>Poetry and Technology


>I don’t usually connect my work life and my reading/blogging life. In fact, few people I know professionally know that I blog — and I want to keep it that way! But, I do tend to gravitate towards readers and I will miss the readers with whom I had interesting lunchtime discussions at my last job. Sometimes, I have people comment that they think that technology (my work life) seems so different than my reading and writing interests. I don’t think that the two are mutually exclusive, but I’m frequently frustrated with my inability to adequately explain how they are complementary.

Here are two different postings I came across recently that deal with the intersection of poetry and technology:

First, Frank Wilson at Books, Inc. linked to this article about the Poetry at Tech program at Georgia Tech.

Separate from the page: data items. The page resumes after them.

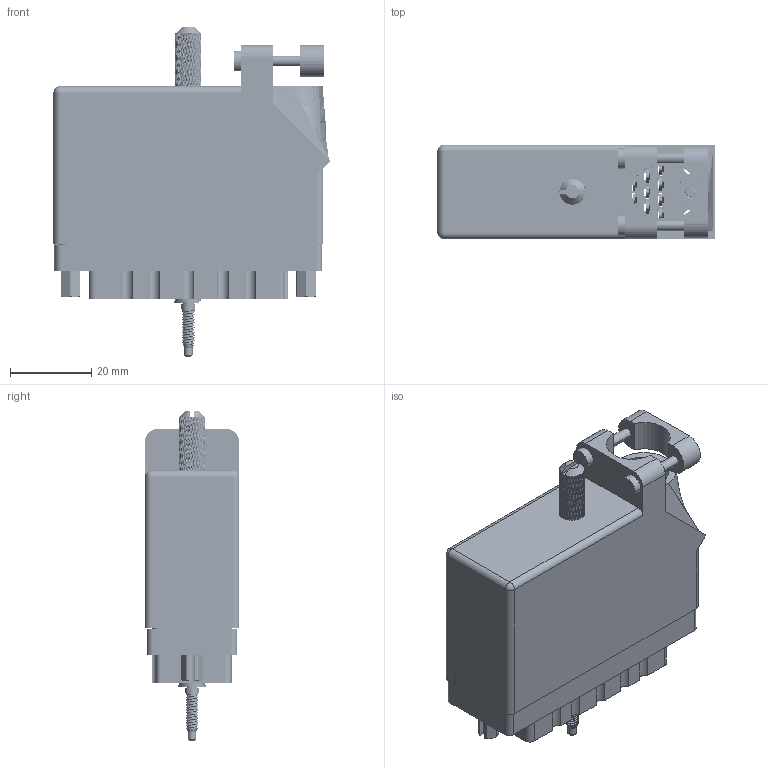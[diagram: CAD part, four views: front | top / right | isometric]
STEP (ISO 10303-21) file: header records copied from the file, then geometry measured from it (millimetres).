
FILE_DESCRIPTION (( 'STEP AP203' ), '1' );
FILE_NAME ('516-056-540-611.STEP', '2020-03-06T12:18:48', ( '' ), ( '' ), 'SwSTEP 2.0', 'SolidWorks 2016', '' );
FILE_SCHEMA (( 'CONFIG_CONTROL_DESIGN' ));
Length unit declared in the file: inch
Products named in the file (12): 516-250-038-111; 516-230-001_Plastic - 056 Top Entry; 516-251-035-100; 516-221-038-102_056; 516-253-138-107; 516-252-021-102_056; 516-221-038-102_057; Actuating Screw Assy 038-056; 516-056-540-611; 516 Part Receptacle_056; 516-292-001_540 Contact; 516-253-035-100
Assembly tree (68 placements, depth 3):
  516-056-540-611
    516 Part Receptacle_056
    516-292-001_540 Contact  x56
    516-230-001_Plastic - 056 Top Entry
    516-252-021-102_056  x2
    516-221-038-102_056
    Actuating Screw Assy 038-056
      516-251-035-100
      516-253-035-100  x2
      516-253-138-107
      516-250-038-111
    516-221-038-102_057
Bounding box: 68.14 x 23.11 x 81.03 mm (x, y, z)
Volume: 31446.5 mm3; surface area: 51355.7 mm2
Topology: 67 solids, 67 shells, 6936 faces, 19030 edges, 12248 vertices
Faces by surface type: plane 3405, cylinder 2104, bspline 1373, cone 52, sphere 2
Entity records: 124945 total; most frequent: CARTESIAN_POINT 62174, ORIENTED_EDGE 14964, DIRECTION 9908, EDGE_CURVE 7482, VERTEX_POINT 4590, AXIS2_PLACEMENT_3D 3327, LINE 3254, VECTOR 3254

Those engineers realize that there is more to poetry than their rhyming fight song: “I’m a rambling wreck from Georgia Tech…”.

In the article, Georgia Tech President Wayne Clough is quoted:

“The pursuit of science and technology is just as creative a process as poetry and the arts,” Clough says. “Both require intensely creative people who can think outside the box, look at the same things everyone else sees and imagine something more, and put the pieces together in new ways.”

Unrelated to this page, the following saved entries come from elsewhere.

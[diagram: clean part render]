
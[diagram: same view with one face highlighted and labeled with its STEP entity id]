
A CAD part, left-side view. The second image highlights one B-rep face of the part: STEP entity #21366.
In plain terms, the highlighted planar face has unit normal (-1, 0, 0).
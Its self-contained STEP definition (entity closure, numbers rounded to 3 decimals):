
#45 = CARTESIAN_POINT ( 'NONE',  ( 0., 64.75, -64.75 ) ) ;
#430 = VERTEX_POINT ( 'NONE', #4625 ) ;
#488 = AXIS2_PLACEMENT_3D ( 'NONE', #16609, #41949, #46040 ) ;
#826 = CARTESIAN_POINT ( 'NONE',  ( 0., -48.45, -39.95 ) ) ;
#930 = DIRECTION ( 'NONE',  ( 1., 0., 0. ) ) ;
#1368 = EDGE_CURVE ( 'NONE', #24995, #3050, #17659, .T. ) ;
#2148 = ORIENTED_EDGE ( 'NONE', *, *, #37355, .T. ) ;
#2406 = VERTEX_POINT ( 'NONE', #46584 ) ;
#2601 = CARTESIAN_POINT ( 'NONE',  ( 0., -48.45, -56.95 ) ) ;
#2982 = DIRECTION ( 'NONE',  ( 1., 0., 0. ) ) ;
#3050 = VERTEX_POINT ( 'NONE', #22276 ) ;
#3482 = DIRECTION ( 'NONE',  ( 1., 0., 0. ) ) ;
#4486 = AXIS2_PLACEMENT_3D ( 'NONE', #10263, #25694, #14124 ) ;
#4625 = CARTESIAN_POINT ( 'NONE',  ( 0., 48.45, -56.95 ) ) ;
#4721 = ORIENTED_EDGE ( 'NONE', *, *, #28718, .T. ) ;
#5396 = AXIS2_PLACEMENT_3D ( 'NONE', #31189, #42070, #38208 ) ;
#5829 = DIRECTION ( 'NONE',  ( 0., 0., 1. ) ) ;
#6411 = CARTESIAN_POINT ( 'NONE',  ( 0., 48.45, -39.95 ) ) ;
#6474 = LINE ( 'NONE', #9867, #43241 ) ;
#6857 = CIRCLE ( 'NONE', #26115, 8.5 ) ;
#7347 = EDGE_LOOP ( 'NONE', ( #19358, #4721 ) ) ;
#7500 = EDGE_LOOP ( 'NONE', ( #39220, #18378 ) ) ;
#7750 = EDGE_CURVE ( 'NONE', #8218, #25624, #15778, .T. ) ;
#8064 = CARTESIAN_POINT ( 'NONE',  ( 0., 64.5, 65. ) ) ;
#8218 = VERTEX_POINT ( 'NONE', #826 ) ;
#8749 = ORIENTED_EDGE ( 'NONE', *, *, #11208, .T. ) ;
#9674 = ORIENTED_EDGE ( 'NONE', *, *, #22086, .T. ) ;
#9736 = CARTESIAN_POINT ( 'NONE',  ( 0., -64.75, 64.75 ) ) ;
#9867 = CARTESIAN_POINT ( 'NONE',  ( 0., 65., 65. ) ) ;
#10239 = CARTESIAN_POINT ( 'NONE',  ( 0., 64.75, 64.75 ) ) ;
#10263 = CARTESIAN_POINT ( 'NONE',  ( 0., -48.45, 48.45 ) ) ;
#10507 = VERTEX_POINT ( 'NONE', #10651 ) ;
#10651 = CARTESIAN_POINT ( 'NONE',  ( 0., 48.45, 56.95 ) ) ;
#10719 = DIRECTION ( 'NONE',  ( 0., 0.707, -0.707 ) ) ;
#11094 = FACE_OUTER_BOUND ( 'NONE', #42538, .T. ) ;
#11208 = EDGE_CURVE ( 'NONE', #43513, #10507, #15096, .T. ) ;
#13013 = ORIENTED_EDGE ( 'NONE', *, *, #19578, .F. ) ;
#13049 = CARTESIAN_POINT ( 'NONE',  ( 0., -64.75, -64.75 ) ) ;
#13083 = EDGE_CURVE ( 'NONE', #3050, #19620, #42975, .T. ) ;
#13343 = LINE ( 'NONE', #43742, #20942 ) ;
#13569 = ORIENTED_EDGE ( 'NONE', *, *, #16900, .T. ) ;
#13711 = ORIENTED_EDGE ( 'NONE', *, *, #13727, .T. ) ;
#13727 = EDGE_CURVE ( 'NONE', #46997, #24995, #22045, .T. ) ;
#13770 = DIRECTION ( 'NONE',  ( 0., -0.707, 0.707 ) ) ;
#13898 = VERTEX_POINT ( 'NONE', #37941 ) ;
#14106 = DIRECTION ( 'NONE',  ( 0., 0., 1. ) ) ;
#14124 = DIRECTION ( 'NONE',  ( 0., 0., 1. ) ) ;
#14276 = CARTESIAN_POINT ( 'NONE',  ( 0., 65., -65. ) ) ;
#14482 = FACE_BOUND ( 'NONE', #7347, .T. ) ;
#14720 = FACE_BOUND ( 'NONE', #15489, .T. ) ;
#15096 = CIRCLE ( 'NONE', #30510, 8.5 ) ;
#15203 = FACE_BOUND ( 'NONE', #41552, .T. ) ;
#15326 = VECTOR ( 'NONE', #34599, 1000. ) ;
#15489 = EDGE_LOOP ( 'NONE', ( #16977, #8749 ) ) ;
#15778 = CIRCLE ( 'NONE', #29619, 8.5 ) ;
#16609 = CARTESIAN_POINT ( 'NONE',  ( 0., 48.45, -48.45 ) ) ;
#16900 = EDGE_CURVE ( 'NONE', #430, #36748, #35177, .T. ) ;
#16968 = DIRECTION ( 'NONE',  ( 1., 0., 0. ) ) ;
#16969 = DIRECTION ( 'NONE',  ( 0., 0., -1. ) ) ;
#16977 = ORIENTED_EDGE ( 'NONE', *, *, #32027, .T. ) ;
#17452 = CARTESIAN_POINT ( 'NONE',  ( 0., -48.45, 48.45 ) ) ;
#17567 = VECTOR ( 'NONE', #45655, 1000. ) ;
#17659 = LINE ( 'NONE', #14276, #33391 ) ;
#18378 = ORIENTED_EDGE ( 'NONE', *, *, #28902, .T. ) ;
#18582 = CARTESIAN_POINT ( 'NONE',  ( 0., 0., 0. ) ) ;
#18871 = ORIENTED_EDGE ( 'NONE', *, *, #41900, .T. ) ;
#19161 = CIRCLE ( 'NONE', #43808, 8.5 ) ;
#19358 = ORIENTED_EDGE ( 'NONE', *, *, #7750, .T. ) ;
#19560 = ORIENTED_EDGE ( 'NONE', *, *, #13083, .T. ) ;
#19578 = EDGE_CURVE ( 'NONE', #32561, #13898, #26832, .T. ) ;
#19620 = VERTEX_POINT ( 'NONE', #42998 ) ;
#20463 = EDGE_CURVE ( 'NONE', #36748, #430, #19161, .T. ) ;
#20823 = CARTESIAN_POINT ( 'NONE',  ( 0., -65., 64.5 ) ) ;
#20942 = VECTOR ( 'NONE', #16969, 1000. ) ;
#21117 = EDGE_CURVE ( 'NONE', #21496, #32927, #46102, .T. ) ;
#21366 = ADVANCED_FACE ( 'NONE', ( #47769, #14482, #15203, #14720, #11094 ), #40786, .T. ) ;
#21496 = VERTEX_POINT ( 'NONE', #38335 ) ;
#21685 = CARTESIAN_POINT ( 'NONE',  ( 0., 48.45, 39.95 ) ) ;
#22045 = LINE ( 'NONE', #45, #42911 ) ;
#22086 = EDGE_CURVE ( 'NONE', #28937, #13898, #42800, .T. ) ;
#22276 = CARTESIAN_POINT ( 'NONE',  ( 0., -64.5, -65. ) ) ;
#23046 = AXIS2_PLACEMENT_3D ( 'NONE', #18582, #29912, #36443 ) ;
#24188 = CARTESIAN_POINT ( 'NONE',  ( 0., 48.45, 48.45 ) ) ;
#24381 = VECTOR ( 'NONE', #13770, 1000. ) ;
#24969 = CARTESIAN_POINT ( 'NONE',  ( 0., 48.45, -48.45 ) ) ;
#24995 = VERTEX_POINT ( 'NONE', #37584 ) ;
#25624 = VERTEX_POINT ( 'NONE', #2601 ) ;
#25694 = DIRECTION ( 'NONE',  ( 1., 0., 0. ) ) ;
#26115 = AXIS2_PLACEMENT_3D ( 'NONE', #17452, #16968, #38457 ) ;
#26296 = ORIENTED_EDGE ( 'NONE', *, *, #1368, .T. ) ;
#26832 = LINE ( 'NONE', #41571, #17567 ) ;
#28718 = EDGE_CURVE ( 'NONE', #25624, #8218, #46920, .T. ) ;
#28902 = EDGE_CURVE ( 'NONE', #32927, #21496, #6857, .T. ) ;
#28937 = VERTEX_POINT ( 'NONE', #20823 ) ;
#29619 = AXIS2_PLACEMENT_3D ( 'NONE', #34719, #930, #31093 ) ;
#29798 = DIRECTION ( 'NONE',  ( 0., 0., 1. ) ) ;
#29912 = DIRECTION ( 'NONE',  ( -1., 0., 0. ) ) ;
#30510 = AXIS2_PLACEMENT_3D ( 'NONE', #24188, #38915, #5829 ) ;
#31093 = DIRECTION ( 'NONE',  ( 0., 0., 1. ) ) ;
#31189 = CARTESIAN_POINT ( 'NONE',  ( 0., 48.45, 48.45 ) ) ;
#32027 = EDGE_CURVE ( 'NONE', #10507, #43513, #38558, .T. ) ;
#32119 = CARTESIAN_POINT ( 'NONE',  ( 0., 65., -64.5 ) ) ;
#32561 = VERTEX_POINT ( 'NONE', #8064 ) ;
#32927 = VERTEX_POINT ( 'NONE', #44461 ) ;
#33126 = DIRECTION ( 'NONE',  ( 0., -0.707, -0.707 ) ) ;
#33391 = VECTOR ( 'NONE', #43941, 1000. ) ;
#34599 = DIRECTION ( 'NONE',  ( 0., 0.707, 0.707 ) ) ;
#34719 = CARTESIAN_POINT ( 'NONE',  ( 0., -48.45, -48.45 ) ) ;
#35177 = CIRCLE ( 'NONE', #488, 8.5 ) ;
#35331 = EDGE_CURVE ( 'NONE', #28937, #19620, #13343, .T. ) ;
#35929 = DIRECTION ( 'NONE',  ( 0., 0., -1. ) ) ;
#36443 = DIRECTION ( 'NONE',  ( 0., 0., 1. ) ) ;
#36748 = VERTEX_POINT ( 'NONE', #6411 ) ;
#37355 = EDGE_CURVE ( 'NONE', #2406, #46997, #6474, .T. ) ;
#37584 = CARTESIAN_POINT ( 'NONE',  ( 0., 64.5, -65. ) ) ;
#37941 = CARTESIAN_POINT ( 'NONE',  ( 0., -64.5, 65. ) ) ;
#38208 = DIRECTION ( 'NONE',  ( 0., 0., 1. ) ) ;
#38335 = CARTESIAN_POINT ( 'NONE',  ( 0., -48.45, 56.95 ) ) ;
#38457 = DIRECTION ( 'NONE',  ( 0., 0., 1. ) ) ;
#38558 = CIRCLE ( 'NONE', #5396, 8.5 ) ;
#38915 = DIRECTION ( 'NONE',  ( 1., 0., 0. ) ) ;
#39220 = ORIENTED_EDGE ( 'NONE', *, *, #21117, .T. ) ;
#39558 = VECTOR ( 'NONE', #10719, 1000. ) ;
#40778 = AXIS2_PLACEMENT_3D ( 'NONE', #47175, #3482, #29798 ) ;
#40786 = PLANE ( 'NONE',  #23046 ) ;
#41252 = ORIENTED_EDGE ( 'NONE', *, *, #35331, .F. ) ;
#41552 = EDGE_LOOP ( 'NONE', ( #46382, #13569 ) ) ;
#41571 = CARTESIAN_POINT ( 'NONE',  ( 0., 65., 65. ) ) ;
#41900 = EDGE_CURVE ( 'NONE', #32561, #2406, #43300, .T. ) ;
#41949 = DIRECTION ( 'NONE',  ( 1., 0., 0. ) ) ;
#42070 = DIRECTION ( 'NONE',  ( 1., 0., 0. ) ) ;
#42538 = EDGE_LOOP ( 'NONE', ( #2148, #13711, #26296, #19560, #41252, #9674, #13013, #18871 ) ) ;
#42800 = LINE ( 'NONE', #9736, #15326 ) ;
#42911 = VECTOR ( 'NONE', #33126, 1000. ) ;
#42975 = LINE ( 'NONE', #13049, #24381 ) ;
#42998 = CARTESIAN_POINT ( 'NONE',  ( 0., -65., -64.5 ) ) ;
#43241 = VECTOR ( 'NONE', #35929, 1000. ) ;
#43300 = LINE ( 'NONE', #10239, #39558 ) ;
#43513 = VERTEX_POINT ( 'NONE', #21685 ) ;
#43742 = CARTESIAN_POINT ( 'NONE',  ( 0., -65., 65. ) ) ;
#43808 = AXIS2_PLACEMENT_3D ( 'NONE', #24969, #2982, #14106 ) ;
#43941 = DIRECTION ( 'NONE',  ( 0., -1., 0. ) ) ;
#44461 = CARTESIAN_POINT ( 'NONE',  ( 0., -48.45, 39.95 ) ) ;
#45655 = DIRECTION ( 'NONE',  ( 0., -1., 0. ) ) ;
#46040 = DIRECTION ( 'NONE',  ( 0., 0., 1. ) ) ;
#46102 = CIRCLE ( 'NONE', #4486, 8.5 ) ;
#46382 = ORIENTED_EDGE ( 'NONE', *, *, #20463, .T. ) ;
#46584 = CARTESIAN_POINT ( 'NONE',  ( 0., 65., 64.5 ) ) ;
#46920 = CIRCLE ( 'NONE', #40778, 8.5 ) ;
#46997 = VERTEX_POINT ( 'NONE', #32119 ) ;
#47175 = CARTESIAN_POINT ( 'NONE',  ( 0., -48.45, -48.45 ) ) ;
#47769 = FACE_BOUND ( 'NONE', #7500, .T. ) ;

The Director of the Poetry at Tech program, poet Thomas Lux is quoted:

“Poems are made things. They have everything to do with intense emotions … but poems are made things. They don’t just happen.”

Follow the link to read the article. Lux makes some interesting comments regarding hip-hop and poetry slams. Registration is required, but it’s free.

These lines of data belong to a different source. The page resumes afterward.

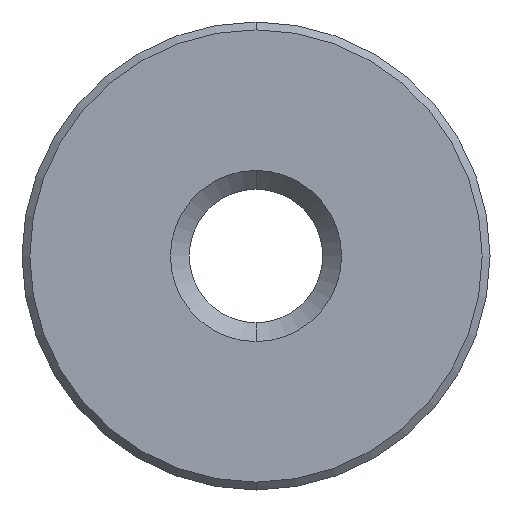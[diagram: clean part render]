
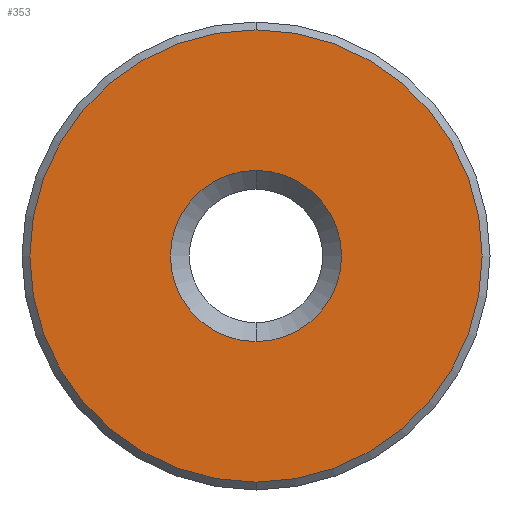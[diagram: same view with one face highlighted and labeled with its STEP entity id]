
A CAD part, front view. The second image highlights one B-rep face of the part: STEP entity #353.
In plain terms, the highlighted planar face has unit normal (0, -1, 0).
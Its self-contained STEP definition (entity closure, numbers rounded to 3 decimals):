
#6 = CARTESIAN_POINT ( 'NONE',  ( 0., 0., 14.4 ) ) ;
#7 = AXIS2_PLACEMENT_3D ( 'NONE', #486, #484, #450 ) ;
#16 = CARTESIAN_POINT ( 'NONE',  ( 0., 0., 0. ) ) ;
#18 = DIRECTION ( 'NONE',  ( 0., -1., 0. ) ) ;
#29 = EDGE_CURVE ( 'NONE', #717, #526, #371, .T. ) ;
#31 = CARTESIAN_POINT ( 'NONE',  ( 0., 0., 0. ) ) ;
#36 = DIRECTION ( 'NONE',  ( 0., -1., 0. ) ) ;
#59 = CIRCLE ( 'NONE', #179, 14.4 ) ;
#75 = CARTESIAN_POINT ( 'NONE',  ( 0., 0., 5.45 ) ) ;
#97 = DIRECTION ( 'NONE',  ( 0., 0., 1. ) ) ;
#103 = DIRECTION ( 'NONE',  ( 0., 1., 0. ) ) ;
#108 = CARTESIAN_POINT ( 'NONE',  ( 0., 0., 0. ) ) ;
#130 = ORIENTED_EDGE ( 'NONE', *, *, #29, .T. ) ;
#155 = AXIS2_PLACEMENT_3D ( 'NONE', #250, #227, #225 ) ;
#166 = EDGE_CURVE ( 'NONE', #299, #493, #261, .T. ) ;
#179 = AXIS2_PLACEMENT_3D ( 'NONE', #31, #18, #348 ) ;
#225 = DIRECTION ( 'NONE',  ( 0., 0., 1. ) ) ;
#227 = DIRECTION ( 'NONE',  ( 0., 1., 0. ) ) ;
#245 = AXIS2_PLACEMENT_3D ( 'NONE', #108, #103, #97 ) ;
#250 = CARTESIAN_POINT ( 'NONE',  ( -4.25, 0., 0. ) ) ;
#261 = CIRCLE ( 'NONE', #245, 5.45 ) ;
#265 = ORIENTED_EDGE ( 'NONE', *, *, #509, .T. ) ;
#275 = PLANE ( 'NONE',  #155 ) ;
#299 = VERTEX_POINT ( 'NONE', #418 ) ;
#312 = CIRCLE ( 'NONE', #7, 5.45 ) ;
#348 = DIRECTION ( 'NONE',  ( 0., 0., 1. ) ) ;
#353 = ADVANCED_FACE ( 'NONE', ( #390, #563 ), #275, .F. ) ;
#357 = AXIS2_PLACEMENT_3D ( 'NONE', #16, #36, #631 ) ;
#371 = CIRCLE ( 'NONE', #357, 14.4 ) ;
#390 = FACE_BOUND ( 'NONE', #441, .T. ) ;
#400 = ORIENTED_EDGE ( 'NONE', *, *, #703, .T. ) ;
#418 = CARTESIAN_POINT ( 'NONE',  ( 0., 0., -5.45 ) ) ;
#441 = EDGE_LOOP ( 'NONE', ( #530, #400 ) ) ;
#450 = DIRECTION ( 'NONE',  ( 0., 0., 1. ) ) ;
#484 = DIRECTION ( 'NONE',  ( 0., 1., 0. ) ) ;
#486 = CARTESIAN_POINT ( 'NONE',  ( 0., 0., 0. ) ) ;
#493 = VERTEX_POINT ( 'NONE', #75 ) ;
#500 = CARTESIAN_POINT ( 'NONE',  ( 0., 0., -14.4 ) ) ;
#509 = EDGE_CURVE ( 'NONE', #526, #717, #59, .T. ) ;
#526 = VERTEX_POINT ( 'NONE', #6 ) ;
#530 = ORIENTED_EDGE ( 'NONE', *, *, #166, .T. ) ;
#563 = FACE_OUTER_BOUND ( 'NONE', #698, .T. ) ;
#631 = DIRECTION ( 'NONE',  ( 0., 0., 1. ) ) ;
#698 = EDGE_LOOP ( 'NONE', ( #265, #130 ) ) ;
#703 = EDGE_CURVE ( 'NONE', #493, #299, #312, .T. ) ;
#717 = VERTEX_POINT ( 'NONE', #500 ) ;

At Robert Peake’s blog, Peake makes a comparison between programming and poetry:

What poems and code have in common is compactness…Both require precision, and poetry usually also involves some degree of linguistic compactness….Subtlety, clarity, and intimacy with the language are all required traits that get amplified through the power of each discipline.

Be sure to check out the comments on Robert’s post as well. I’m not sure that I agree with his correlation of poets and programming language, but, while I am a technologist, I’m not a programmer. I’ll be checking his blog for future posts for more data.